How many isomorphisms between two abelian groups I'm trying to work out how many isomorphisms there are from $V_4$ (Klein-4) to $C_2 \times C_2$ (2nd cyclic group)
Firstly, I've already shown they are indeed isomorphic and clearly there are $4!$ bijections from $V_4$ to $C_2 \times C_2$, however only $4!/4 = 6$ of these map the identity to the identity, so there are at most $6$ isomorphisms from $V_4$ to $C_2 \times C_2$.
Now, I'm slightly confused at this point, mostly because both are abelian. The map I used to show they are isomorphic I 'constucted' by comparing the Cayley tables of both, and showing they are 'in essence' exactly the same, and I mapped element to element in the order they appeared on the Cayley table. My confusion comes in because I'm not sure of the consequences of mapping the non-identity elements differently, so ultimately don't really know whether there are $6$ isomorphisms or just $1$. Having said that, I did map the non-identity elements differently and saw that it's still an isomorphism, that is $\phi (g_1 g_2) = \phi (g_1) \phi(g_2)$ for $g_1, g_2 \in V_4$. So I'm thinking that there are $6$ isomorphisms, but because I'm doubtful I thought I'd post it for some insight.
Thanks a lot.
 A: We need precisely two non-identity elements in $C_2\times C_2$ to generate the group. Fixing two non-identity generators for $V_4$, we need only figure out how many ways we can map those two to two distinct non-identity elements of $C_2$ (since a homomorphism is determined by what is done to generators, and we'll need to map the fixed generators of $V_4$ to two distinct non-identity elements of $C_2\times C_2$ to get an isomorphism).
Indeed, the answer is $6$. There are $3$ options for where we send the first generator, and regardless of which of those $3$ we choose, there $2$ remaining options for where we send the second.
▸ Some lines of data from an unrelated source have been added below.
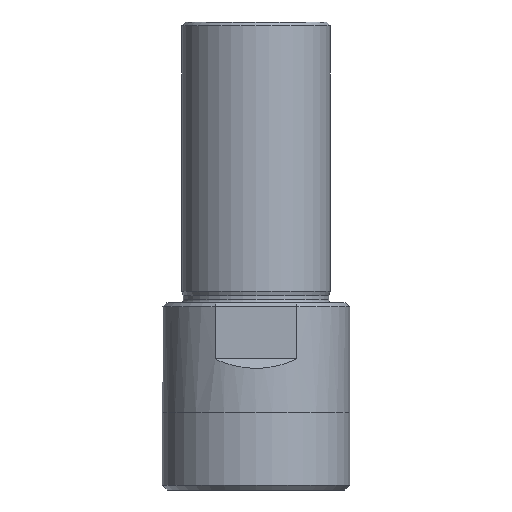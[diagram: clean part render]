
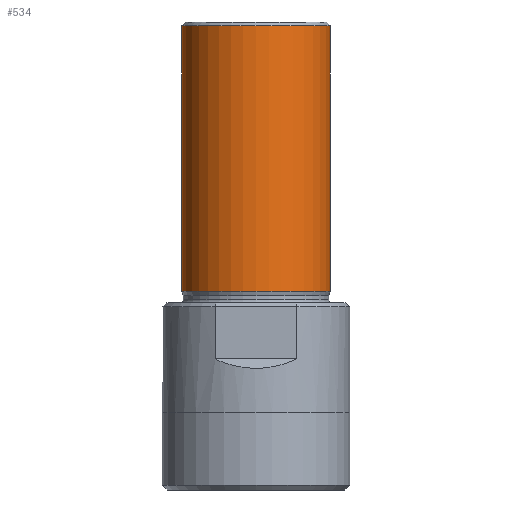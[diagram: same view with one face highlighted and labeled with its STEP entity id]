
A CAD part, front view. The second image highlights one B-rep face of the part: STEP entity #534.
In plain terms, the highlighted cylindrical face has radius 15.875 mm (diameter 31.75 mm), a full revolution.
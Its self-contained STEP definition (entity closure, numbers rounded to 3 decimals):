
#102=ORIENTED_EDGE('',*,*,#168,.T.);
#103=ORIENTED_EDGE('',*,*,#165,.T.);
#165=EDGE_CURVE('',#199,#199,#221,.T.);
#168=EDGE_CURVE('',#202,#202,#224,.T.);
#199=VERTEX_POINT('',#786);
#202=VERTEX_POINT('',#794);
#221=CIRCLE('',#578,15.875);
#224=CIRCLE('',#583,15.875);
#252=EDGE_LOOP('',(#102));
#253=EDGE_LOOP('',(#103));
#298=FACE_BOUND('',#252,.T.);
#299=FACE_BOUND('',#253,.T.);
#327=CYLINDRICAL_SURFACE('',#582,15.875);
#534=ADVANCED_FACE('',(#298,#299),#327,.T.);
#578=AXIS2_PLACEMENT_3D('',#785,#660,#661);
#582=AXIS2_PLACEMENT_3D('',#792,#668,#669);
#583=AXIS2_PLACEMENT_3D('',#793,#670,#671);
#660=DIRECTION('',(0.,0.,1.));
#661=DIRECTION('',(1.,0.,0.));
#668=DIRECTION('',(0.,0.,1.));
#669=DIRECTION('',(1.,0.,0.));
#670=DIRECTION('',(0.,0.,-1.));
#671=DIRECTION('',(-1.,0.,0.));
#785=CARTESIAN_POINT('',(0.,0.,-57.5));
#786=CARTESIAN_POINT('',(15.875,0.,-57.5));
#792=CARTESIAN_POINT('',(0.,0.,0.));
#793=CARTESIAN_POINT('',(0.,0.,-0.85));
#794=CARTESIAN_POINT('',(-15.875,0.,-0.85));
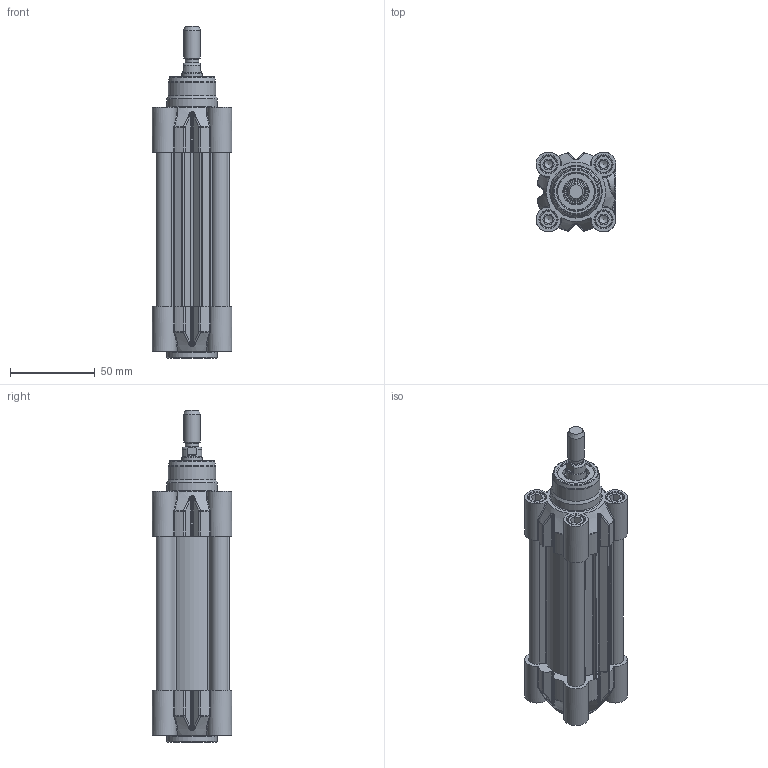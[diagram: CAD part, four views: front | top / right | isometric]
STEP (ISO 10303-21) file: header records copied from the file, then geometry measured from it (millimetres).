
FILE_DESCRIPTION((''),'2;1');
FILE_NAME('C-H-032-0050.stp','',(''),(''),'','','');
FILE_SCHEMA(('AUTOMOTIVE_DESIGN { 1 0 10303 214 1 1 1 1 }'));
Length unit declared in the file: millimetre
Products named in the file (5): C-H-032-0050; TP; STELO-050; TA; CORPO-050
Assembly tree (4 placements, depth 2):
  C-H-032-0050
    TP
    STELO-050
    TA
    CORPO-050
Bounding box: 47 x 47 x 196 mm (x, y, z)
Volume: 156538.1 mm3; surface area: 86180.7 mm2
Topology: 4 solids, 18 shells, 869 faces, 2056 edges, 1292 vertices
Faces by surface type: plane 306, bspline 184, cylinder 184, cone 86, torus 83, sphere 20, revolution 6
Full cylindrical faces by diameter (mm): 2 x2, 2.1 x2, 4 x2, 4.5 x2, 4.917 x8, 5.4 x4, 6 x8, 6.2 x8, 6.3 x4, 7 x2, 7.8 x4, 7.9 x3, 8 x4, 8.566 x2, 10 x9, 10.3 x8, 11.6 x1, 12 x1, 12.8 x1, 12.847 x1, 16 x1, 17 x2, 22 x3, 28 x1, 30 x2, 32 x1
Entity records: 27163 total; most frequent: CARTESIAN_POINT 8137, ORIENTED_EDGE 3546, DIRECTION 3404, EDGE_CURVE 1773, AXIS2_PLACEMENT_3D 1321, VERTEX_POINT 1234, EDGE_LOOP 1208, FACE_OUTER_BOUND 869
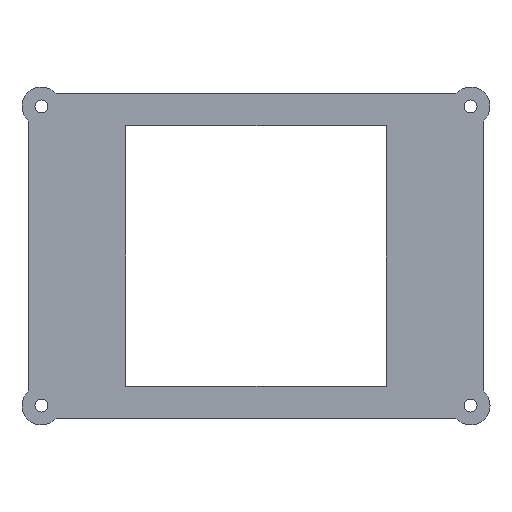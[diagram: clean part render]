
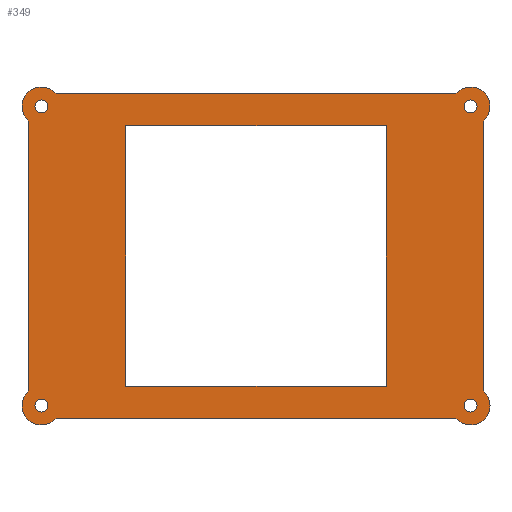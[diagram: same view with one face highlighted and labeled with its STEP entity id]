
A CAD part, front view. The second image highlights one B-rep face of the part: STEP entity #349.
In plain terms, the highlighted planar face has unit normal (0, -1, 0).
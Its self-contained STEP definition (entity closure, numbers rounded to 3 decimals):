
#19=FACE_BOUND('',#92,.T.);
#20=FACE_BOUND('',#93,.T.);
#21=FACE_BOUND('',#94,.T.);
#22=FACE_BOUND('',#95,.T.);
#23=FACE_BOUND('',#96,.T.);
#30=CIRCLE('',#359,1.);
#32=CIRCLE('',#362,1.);
#34=CIRCLE('',#365,1.);
#36=CIRCLE('',#368,1.);
#37=CIRCLE('',#370,3.);
#39=CIRCLE('',#374,3.);
#41=CIRCLE('',#378,3.);
#43=CIRCLE('',#382,3.);
#69=FACE_OUTER_BOUND('',#91,.T.);
#91=EDGE_LOOP('',(#291,#292,#293,#294,#295,#296,#297,#298));
#92=EDGE_LOOP('',(#299,#300,#301,#302));
#93=EDGE_LOOP('',(#303));
#94=EDGE_LOOP('',(#304));
#95=EDGE_LOOP('',(#305));
#96=EDGE_LOOP('',(#306));
#103=LINE('',#489,#131);
#107=LINE('',#497,#135);
#110=LINE('',#503,#138);
#113=LINE('',#508,#141);
#117=LINE('',#541,#145);
#121=LINE('',#553,#149);
#125=LINE('',#565,#153);
#129=LINE('',#576,#157);
#131=VECTOR('',#391,40.);
#135=VECTOR('',#397,40.);
#138=VECTOR('',#402,40.);
#141=VECTOR('',#407,40.);
#145=VECTOR('',#443,61.528);
#149=VECTOR('',#455,41.528);
#153=VECTOR('',#467,61.528);
#157=VECTOR('',#479,41.528);
#159=VERTEX_POINT('',#487);
#160=VERTEX_POINT('',#488);
#163=VERTEX_POINT('',#496);
#165=VERTEX_POINT('',#502);
#168=VERTEX_POINT('',#513);
#170=VERTEX_POINT('',#518);
#172=VERTEX_POINT('',#523);
#174=VERTEX_POINT('',#528);
#175=VERTEX_POINT('',#531);
#176=VERTEX_POINT('',#532);
#179=VERTEX_POINT('',#540);
#181=VERTEX_POINT('',#546);
#183=VERTEX_POINT('',#552);
#185=VERTEX_POINT('',#558);
#187=VERTEX_POINT('',#564);
#189=VERTEX_POINT('',#570);
#191=EDGE_CURVE('',#159,#160,#103,.T.);
#195=EDGE_CURVE('',#163,#159,#107,.T.);
#198=EDGE_CURVE('',#165,#163,#110,.T.);
#201=EDGE_CURVE('',#160,#165,#113,.T.);
#204=EDGE_CURVE('',#168,#168,#30,.T.);
#206=EDGE_CURVE('',#170,#170,#32,.T.);
#208=EDGE_CURVE('',#172,#172,#34,.T.);
#210=EDGE_CURVE('',#174,#174,#36,.T.);
#211=EDGE_CURVE('',#175,#176,#37,.T.);
#215=EDGE_CURVE('',#176,#179,#117,.T.);
#218=EDGE_CURVE('',#179,#181,#39,.T.);
#221=EDGE_CURVE('',#181,#183,#121,.T.);
#224=EDGE_CURVE('',#183,#185,#41,.T.);
#227=EDGE_CURVE('',#185,#187,#125,.T.);
#230=EDGE_CURVE('',#187,#189,#43,.T.);
#233=EDGE_CURVE('',#189,#175,#129,.T.);
#291=ORIENTED_EDGE('',*,*,#233,.T.);
#292=ORIENTED_EDGE('',*,*,#211,.T.);
#293=ORIENTED_EDGE('',*,*,#215,.T.);
#294=ORIENTED_EDGE('',*,*,#218,.T.);
#295=ORIENTED_EDGE('',*,*,#221,.T.);
#296=ORIENTED_EDGE('',*,*,#224,.T.);
#297=ORIENTED_EDGE('',*,*,#227,.T.);
#298=ORIENTED_EDGE('',*,*,#230,.T.);
#299=ORIENTED_EDGE('',*,*,#191,.T.);
#300=ORIENTED_EDGE('',*,*,#201,.T.);
#301=ORIENTED_EDGE('',*,*,#198,.T.);
#302=ORIENTED_EDGE('',*,*,#195,.T.);
#303=ORIENTED_EDGE('',*,*,#204,.T.);
#304=ORIENTED_EDGE('',*,*,#206,.T.);
#305=ORIENTED_EDGE('',*,*,#208,.T.);
#306=ORIENTED_EDGE('',*,*,#210,.T.);
#331=PLANE('',#385);
#349=ADVANCED_FACE('',(#69,#19,#20,#21,#22,#23),#331,.T.);
#359=AXIS2_PLACEMENT_3D('',#514,#413,#414);
#362=AXIS2_PLACEMENT_3D('',#519,#419,#420);
#365=AXIS2_PLACEMENT_3D('',#524,#425,#426);
#368=AXIS2_PLACEMENT_3D('',#529,#431,#432);
#370=AXIS2_PLACEMENT_3D('',#533,#435,#436);
#374=AXIS2_PLACEMENT_3D('',#547,#448,#449);
#378=AXIS2_PLACEMENT_3D('',#559,#460,#461);
#382=AXIS2_PLACEMENT_3D('',#571,#472,#473);
#385=AXIS2_PLACEMENT_3D('',#578,#481,#482);
#391=DIRECTION('',(0.,0.,1.));
#397=DIRECTION('',(-1.,0.,0.));
#402=DIRECTION('',(0.,0.,-1.));
#407=DIRECTION('',(1.,0.,0.));
#413=DIRECTION('center_axis',(0.,1.,0.));
#414=DIRECTION('ref_axis',(1.,0.,0.));
#419=DIRECTION('center_axis',(0.,1.,0.));
#420=DIRECTION('ref_axis',(1.,0.,0.));
#425=DIRECTION('center_axis',(0.,1.,0.));
#426=DIRECTION('ref_axis',(1.,0.,0.));
#431=DIRECTION('center_axis',(0.,1.,0.));
#432=DIRECTION('ref_axis',(1.,0.,0.));
#435=DIRECTION('center_axis',(0.,-1.,0.));
#436=DIRECTION('ref_axis',(0.745,0.,-0.667));
#443=DIRECTION('',(-1.,0.,0.));
#448=DIRECTION('center_axis',(0.,-1.,0.));
#449=DIRECTION('ref_axis',(0.667,0.,0.745));
#455=DIRECTION('',(0.,0.,-1.));
#460=DIRECTION('center_axis',(0.,-1.,0.));
#461=DIRECTION('ref_axis',(-0.745,0.,0.667));
#467=DIRECTION('',(1.,0.,0.));
#472=DIRECTION('center_axis',(0.,-1.,0.));
#473=DIRECTION('ref_axis',(-0.667,0.,-0.745));
#479=DIRECTION('',(0.,0.,1.));
#481=DIRECTION('center_axis',(0.,-1.,0.));
#482=DIRECTION('ref_axis',(0.,0.,-1.));
#487=CARTESIAN_POINT('',(-55.,0.,-45.));
#488=CARTESIAN_POINT('',(-55.,0.,-5.));
#489=CARTESIAN_POINT('',(-55.,0.,-35.));
#496=CARTESIAN_POINT('',(-15.,0.,-45.));
#497=CARTESIAN_POINT('',(-25.,0.,-45.));
#502=CARTESIAN_POINT('',(-15.,0.,-5.));
#503=CARTESIAN_POINT('',(-15.,0.,-15.));
#508=CARTESIAN_POINT('',(-45.,0.,-5.));
#513=CARTESIAN_POINT('',(-3.,0.,-48.));
#514=CARTESIAN_POINT('Origin',(-2.,0.,-48.));
#518=CARTESIAN_POINT('',(-3.,0.,-2.));
#519=CARTESIAN_POINT('Origin',(-2.,0.,-2.));
#523=CARTESIAN_POINT('',(-69.,0.,-48.));
#524=CARTESIAN_POINT('Origin',(-68.,0.,-48.));
#528=CARTESIAN_POINT('',(-69.,0.,-2.));
#529=CARTESIAN_POINT('Origin',(-68.,0.,-2.));
#531=CARTESIAN_POINT('',(0.,0.,-4.236));
#532=CARTESIAN_POINT('',(-4.236,0.,0.));
#533=CARTESIAN_POINT('Origin',(-2.,0.,-2.));
#540=CARTESIAN_POINT('',(-65.764,0.,0.));
#541=CARTESIAN_POINT('',(-4.236,0.,0.));
#546=CARTESIAN_POINT('',(-70.,0.,-4.236));
#547=CARTESIAN_POINT('Origin',(-68.,0.,-2.));
#552=CARTESIAN_POINT('',(-70.,0.,-45.764));
#553=CARTESIAN_POINT('',(-70.,0.,-4.236));
#558=CARTESIAN_POINT('',(-65.764,0.,-50.));
#559=CARTESIAN_POINT('Origin',(-68.,0.,-48.));
#564=CARTESIAN_POINT('',(-4.236,0.,-50.));
#565=CARTESIAN_POINT('',(-65.764,0.,-50.));
#570=CARTESIAN_POINT('',(0.,0.,-45.764));
#571=CARTESIAN_POINT('Origin',(-2.,0.,-48.));
#576=CARTESIAN_POINT('',(0.,0.,-45.764));
#578=CARTESIAN_POINT('Origin',(-35.,0.,-25.));

Thus, there are $3\cdot 2=6$ ways to make such a map.
See also this related answer.
A: Another way to think about the problem, since as you've stated the two groups are isomorphic, is to determine the size of the automorphism group of $C_2\times C_2.$  If we view $C_2\times C_2$ as a two dimensional vector space over the field of two elements, $\mathbb{F}_2$, then an automorphism is just an invertible $2\times 2$ matrix with entries in $\mathbb{F}_2$.  Hence $Aut(C_2\times C_2)\cong GL_2(\mathbb{F}_2)$.
To compute the order of $GL_2(\mathbb{F}_2)$ notice there are three possible choices for the first row ((1,0), (1,1), and (0,1)), and having chosen this row, we now have two choices for the second row (whichever two we didn't choose).  Thus the order of $GL_2(\mathbb{F}_2)$ is 6.
Following a similar procedure to what we did above, it can be shown that
$$
|GL_n{(\mathbb{F}_q)}|=(q^n-1)(q^n-q)(q^n-q^2)\ldots(q^n-q^{n-1})
$$
where $\mathbb{F}_q$ is the field of $q=p^m$ elements.  Our case follows from letting $n=q=2$.
A: Consider the isomorphisms going one way, all arrows to the same object. The comparison of those objects is an automorphism. The question is how you tell that those are two isomorphisms to the same object. So, the distinctness of isomorphisms is measured by needing a non-identity automorphism to convert the two. So, there can be no more isomorphisms than there are automorphisms of the target. However, the composition of isomorphisms is an isomorphism, so composing any isomorphism with an automorphism of the target will yield a new isomorphism to the target. Hence, the number of isomorphisms between two objects is the same as the number of automorphisms of either object.